[Data]:
※ ※ ※

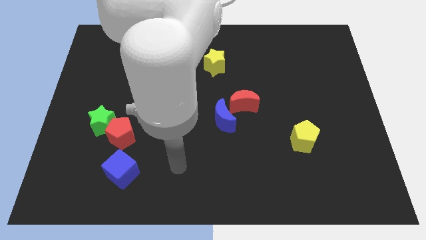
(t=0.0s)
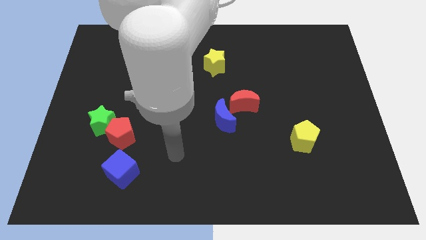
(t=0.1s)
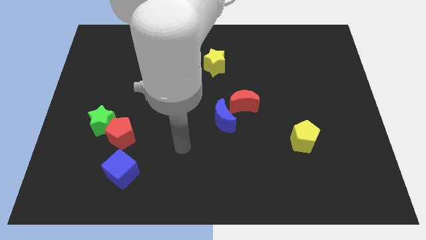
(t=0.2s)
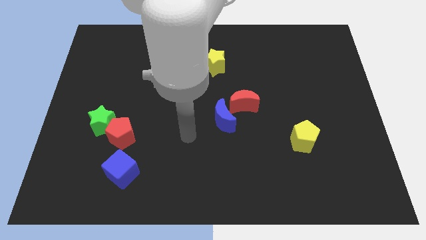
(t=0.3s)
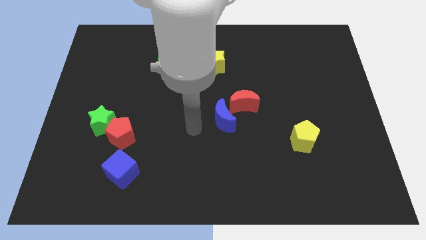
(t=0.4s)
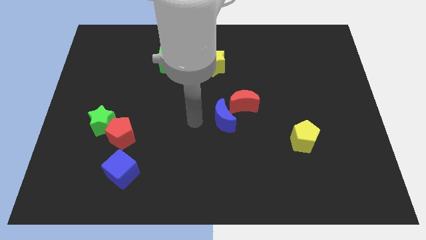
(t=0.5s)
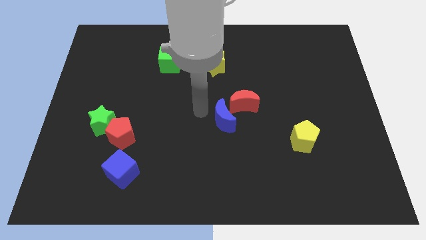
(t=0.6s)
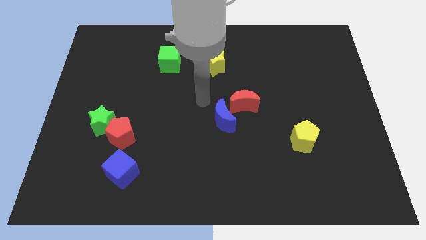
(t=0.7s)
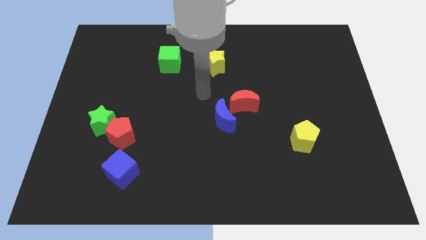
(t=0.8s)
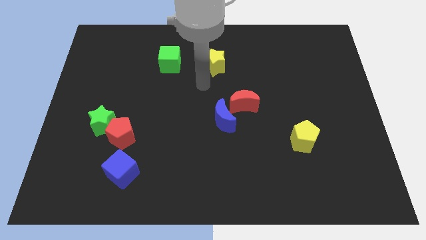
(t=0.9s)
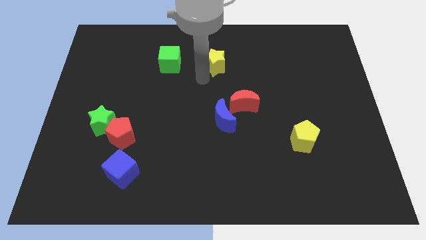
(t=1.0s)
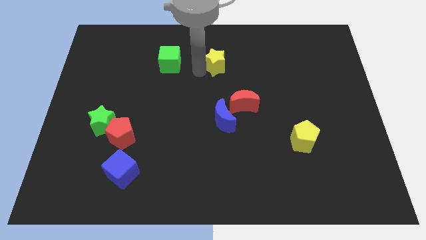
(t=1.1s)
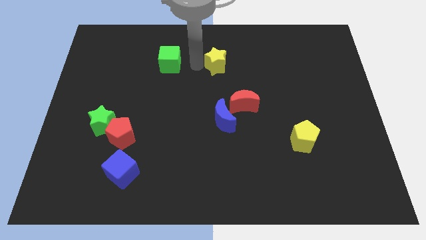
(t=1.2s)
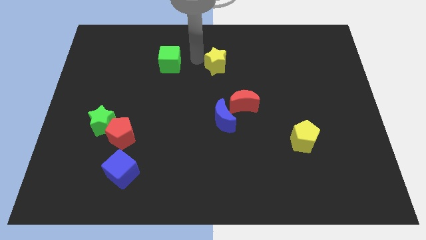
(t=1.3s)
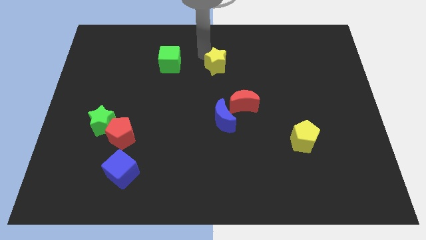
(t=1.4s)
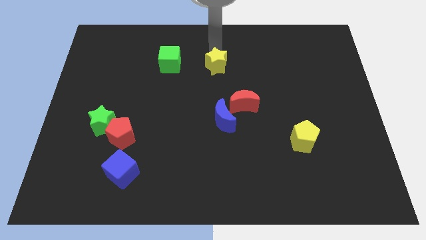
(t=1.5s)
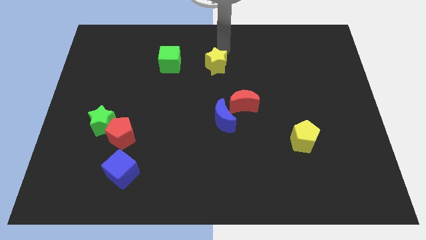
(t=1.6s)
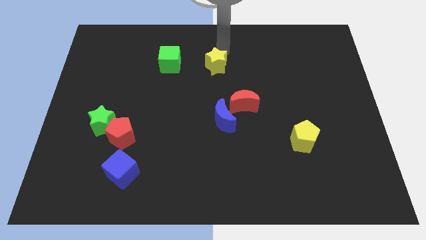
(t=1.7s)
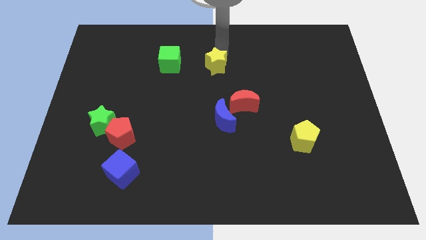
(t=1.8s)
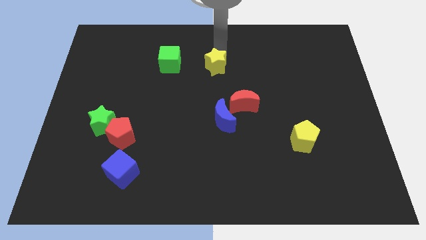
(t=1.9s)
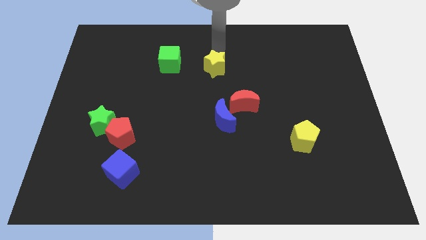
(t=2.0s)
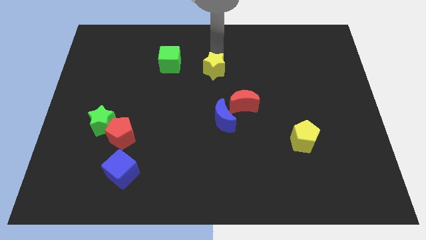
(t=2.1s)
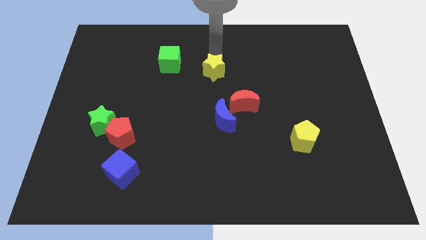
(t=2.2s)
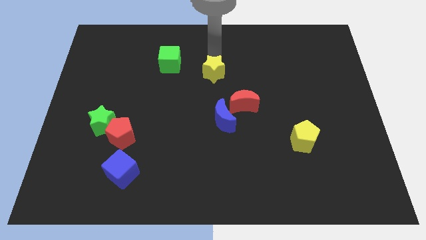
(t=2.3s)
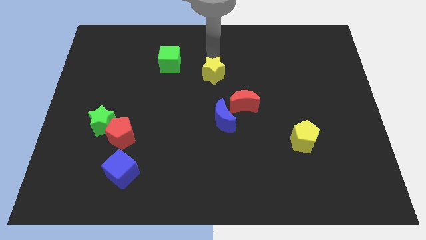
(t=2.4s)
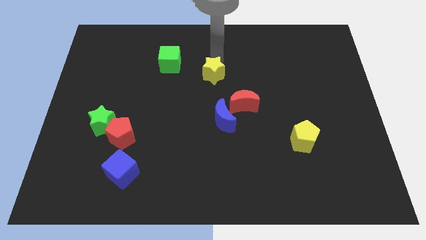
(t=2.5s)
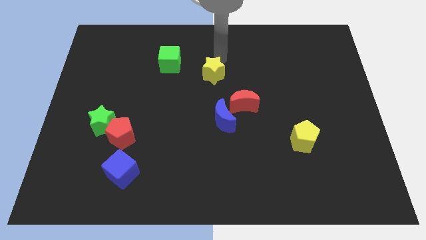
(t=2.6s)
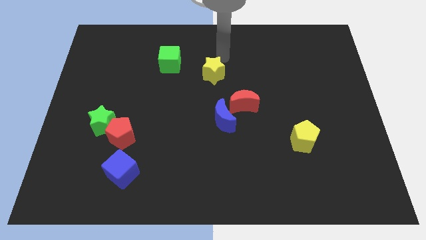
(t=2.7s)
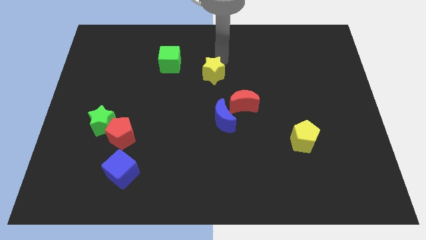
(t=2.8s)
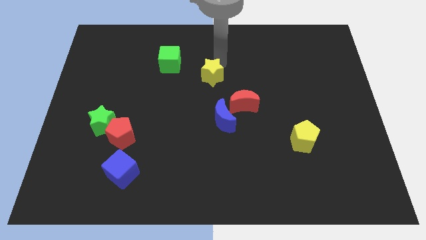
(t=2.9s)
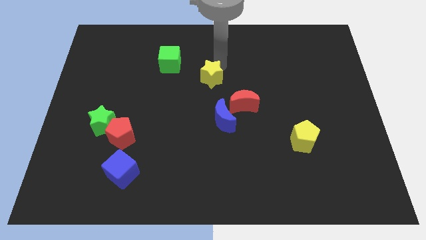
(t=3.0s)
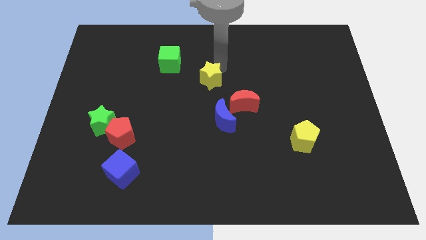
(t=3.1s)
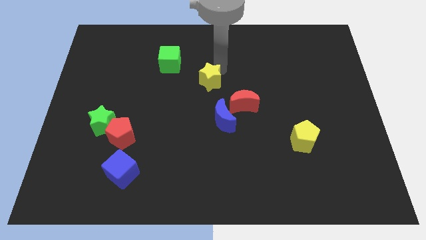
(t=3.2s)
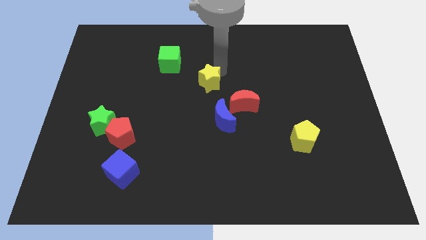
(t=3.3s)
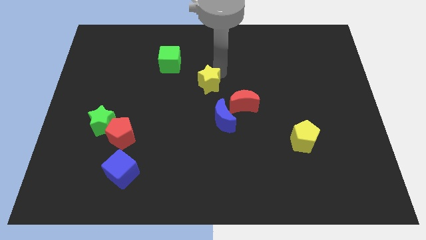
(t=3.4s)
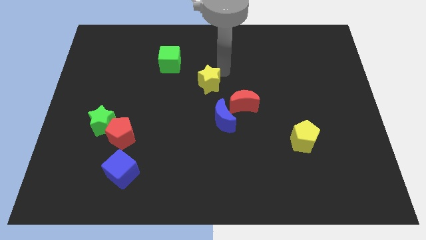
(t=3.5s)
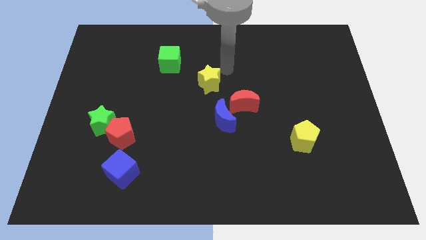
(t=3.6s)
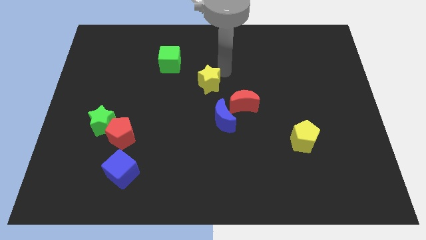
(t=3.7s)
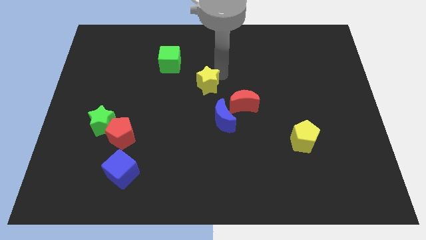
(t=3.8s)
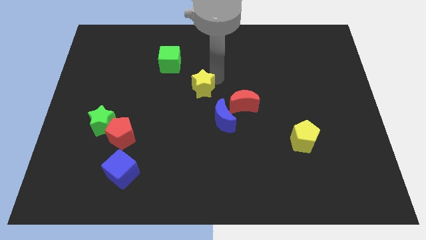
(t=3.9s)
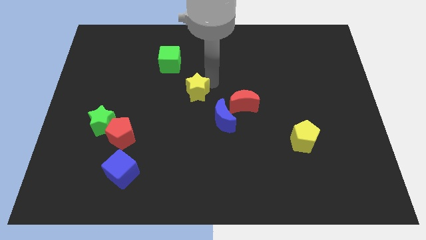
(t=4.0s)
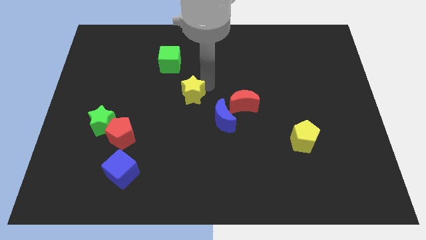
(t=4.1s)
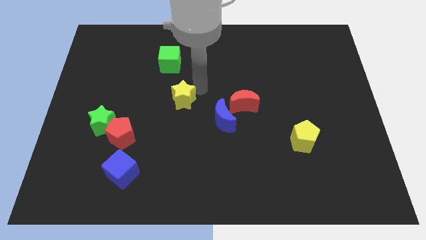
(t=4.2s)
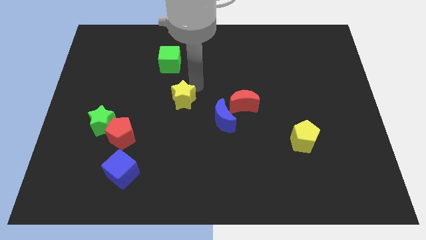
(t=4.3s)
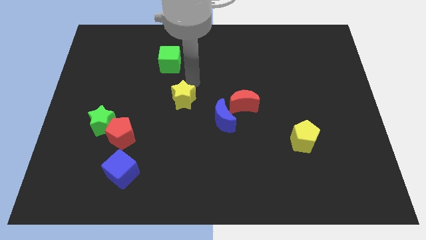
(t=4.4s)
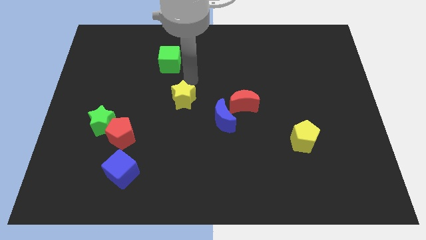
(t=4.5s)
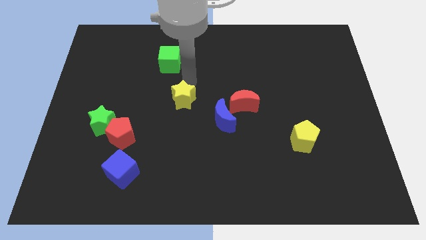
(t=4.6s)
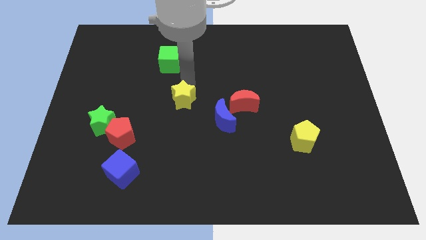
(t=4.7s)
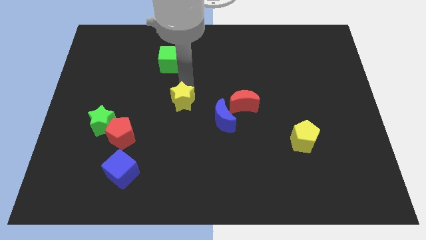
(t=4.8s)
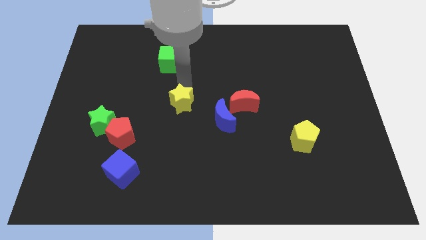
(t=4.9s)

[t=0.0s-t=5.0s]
put the yellow star left of the blue moon

※ ※ ※

[Your assignment]: Any picture in the material is to be dropped; the rest is repeated exactly.

[Final answer]:
(t=0.0s)
(t=0.1s)
(t=0.2s)
(t=0.3s)
(t=0.4s)
(t=0.5s)
(t=0.6s)
(t=0.7s)
(t=0.8s)
(t=0.9s)
(t=1.0s)
(t=1.1s)
(t=1.2s)
(t=1.3s)
(t=1.4s)
(t=1.5s)
(t=1.6s)
(t=1.7s)
(t=1.8s)
(t=1.9s)
(t=2.0s)
(t=2.1s)
(t=2.2s)
(t=2.3s)
(t=2.4s)
(t=2.5s)
(t=2.6s)
(t=2.7s)
(t=2.8s)
(t=2.9s)
(t=3.0s)
(t=3.1s)
(t=3.2s)
(t=3.3s)
(t=3.4s)
(t=3.5s)
(t=3.6s)
(t=3.7s)
(t=3.8s)
(t=3.9s)
(t=4.0s)
(t=4.1s)
(t=4.2s)
(t=4.3s)
(t=4.4s)
(t=4.5s)
(t=4.6s)
(t=4.7s)
(t=4.8s)
(t=4.9s)

[t=0.0s-t=5.0s]
put the yellow star left of the blue moon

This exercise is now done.